- Extracted data entries:
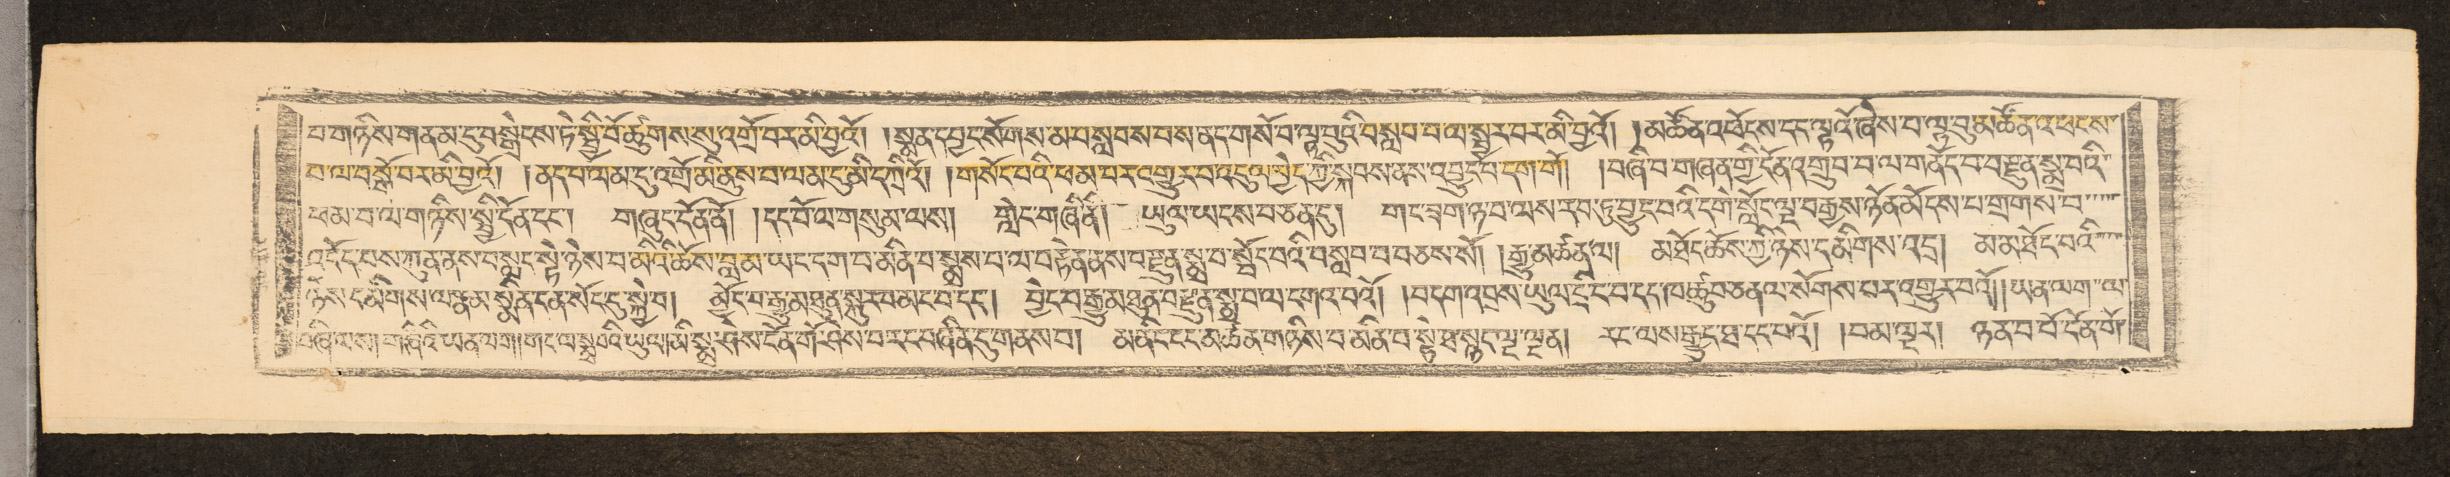བ་གཉིས་གནམ་དུ་བསྒྲེངས་ཏེ་སྤྱི་བོ་ཚུགས་སུ་འགྲོ་བར་མི་བྱའོ། །སྨན་དཔྱད་སོགས་མ་བསླབས་པས་ནད་གསོ་བ་ལྟ་བུའི་བསླབ་པ་ལ་སྦྱར་བར་མི་བྱའོ། །མཚོན་འཕོངས་དང་ལྟའོ་ཞེས་པ་ལྟ་བུ་མཚོན་འཕངས་
པ་ལ་བསྒོ་བར་མི་བྱའོ། །ནད་པ་ལམ་དུ་འགྲོ་མི་ནུས་པ་ལམ་དུ་མི་དཀྲིའོ། །གསོད་པའི་ཕམ་པར་འགྱུར་བ་འདུལ་བྱེད་ཀྱི་སྐབས་ནས་འབྱུང་བ་དག་གོ། །བཞི་པ་གཞན་གྱི་དོན་འགྲུབ་པ་ལ་གནོད་པ་བརྫུན་སྨྲ་བའི་
ཕམ་པ་ལ་གཉིས་སྤྱི་དོན་དང་། གཞུང་དོན་ནོ། །དང་པོ་ལ་གསུམ་ལས། གླེང་གཞི་ནི། ཡུལ་ཡངས་པ་ཅན་དུ། གང་ཟག་ཉ་བ་ལས་རབ་ཏུ་བྱུང་བའི་དགེ་སློང་ལྔ་བརྒྱས་ཉོན་མོངས་པ་གྲགས་པ་
འདོད་པས་ཀུན་ནས་བསླང་སྟེ་ཉེས་པ་མིའི་ཆོས་བླ་མ་ཡང་དག་པ་མིན་པ་སྨྲས་པ་ལ་བརྟེན་ནས་བརྫུན་སྨྲ་བ་སྦོང་བའི་བསླབ་པ་བཅས་སོ། །རྒྱུ་མཚན་ལ། མཐོང་ཆོས་ཀྱི་ཉེས་དམིགས་འདྲ། མ་མཐོང་བའི་
ཉེས་དམིགས་ལ་རྣམ་སྨིན་ངན་སོང་དུ་སྐྱེ་བ། མྱོང་བ་རྒྱུ་མཐུན་སྐུར་བ་མང་བ་དང་། བྱེད་པ་རྒྱུ་མཐུན་བརྫུན་སྨྲ་བ་ལ་དགའ་བའོ། །བདག་འབྲས་ཡུལ་དྲི་ང་བ་དང་ཁ་ཚུབ་ཅན་ལ་སོགས་པར་འགྱུར་བའོ། །ཡན་ལག་ལ་
བཞི་ལས། གཞིའི་ཡན་ལག །གང་ལ་སྨྲ་བའི་ཡུལ། མི་སྨྲ་ཤེས་དོན་གོ་ཤེས་པ་རང་བཞིན་དུ་གནས་པ། མ་ནིང་དང་མཚན་གཉིས་པ་མིན་པ་སྟེ་ཐ་སྙད་ལྔ་ལྡན། རང་ལས་རྒྱུད་ཐ་དད་པའོ། །བམ་ལྔར། ཉན་པ་པོ་དོན་གོ་

- Work instruction: Transcribe all of the lines above exactly as given. The pictures stay out.

- Exercise solution:
བ་གཉིས་གནམ་དུ་བསྒྲེངས་ཏེ་སྤྱི་བོ་ཚུགས་སུ་འགྲོ་བར་མི་བྱའོ། །སྨན་དཔྱད་སོགས་མ་བསླབས་པས་ནད་གསོ་བ་ལྟ་བུའི་བསླབ་པ་ལ་སྦྱར་བར་མི་བྱའོ། །མཚོན་འཕོངས་དང་ལྟའོ་ཞེས་པ་ལྟ་བུ་མཚོན་འཕངས་
པ་ལ་བསྒོ་བར་མི་བྱའོ། །ནད་པ་ལམ་དུ་འགྲོ་མི་ནུས་པ་ལམ་དུ་མི་དཀྲིའོ། །གསོད་པའི་ཕམ་པར་འགྱུར་བ་འདུལ་བྱེད་ཀྱི་སྐབས་ནས་འབྱུང་བ་དག་གོ། །བཞི་པ་གཞན་གྱི་དོན་འགྲུབ་པ་ལ་གནོད་པ་བརྫུན་སྨྲ་བའི་
ཕམ་པ་ལ་གཉིས་སྤྱི་དོན་དང་། གཞུང་དོན་ནོ། །དང་པོ་ལ་གསུམ་ལས། གླེང་གཞི་ནི། ཡུལ་ཡངས་པ་ཅན་དུ། གང་ཟག་ཉ་བ་ལས་རབ་ཏུ་བྱུང་བའི་དགེ་སློང་ལྔ་བརྒྱས་ཉོན་མོངས་པ་གྲགས་པ་
འདོད་པས་ཀུན་ནས་བསླང་སྟེ་ཉེས་པ་མིའི་ཆོས་བླ་མ་ཡང་དག་པ་མིན་པ་སྨྲས་པ་ལ་བརྟེན་ནས་བརྫུན་སྨྲ་བ་སྦོང་བའི་བསླབ་པ་བཅས་སོ། །རྒྱུ་མཚན་ལ། མཐོང་ཆོས་ཀྱི་ཉེས་དམིགས་འདྲ། མ་མཐོང་བའི་
ཉེས་དམིགས་ལ་རྣམ་སྨིན་ངན་སོང་དུ་སྐྱེ་བ། མྱོང་བ་རྒྱུ་མཐུན་སྐུར་བ་མང་བ་དང་། བྱེད་པ་རྒྱུ་མཐུན་བརྫུན་སྨྲ་བ་ལ་དགའ་བའོ། །བདག་འབྲས་ཡུལ་དྲི་ང་བ་དང་ཁ་ཚུབ་ཅན་ལ་སོགས་པར་འགྱུར་བའོ། །ཡན་ལག་ལ་
བཞི་ལས། གཞིའི་ཡན་ལག །གང་ལ་སྨྲ་བའི་ཡུལ། མི་སྨྲ་ཤེས་དོན་གོ་ཤེས་པ་རང་བཞིན་དུ་གནས་པ། མ་ནིང་དང་མཚན་གཉིས་པ་མིན་པ་སྟེ་ཐ་སྙད་ལྔ་ལྡན། རང་ལས་རྒྱུད་ཐ་དད་པའོ། །བམ་ལྔར། ཉན་པ་པོ་དོན་གོ་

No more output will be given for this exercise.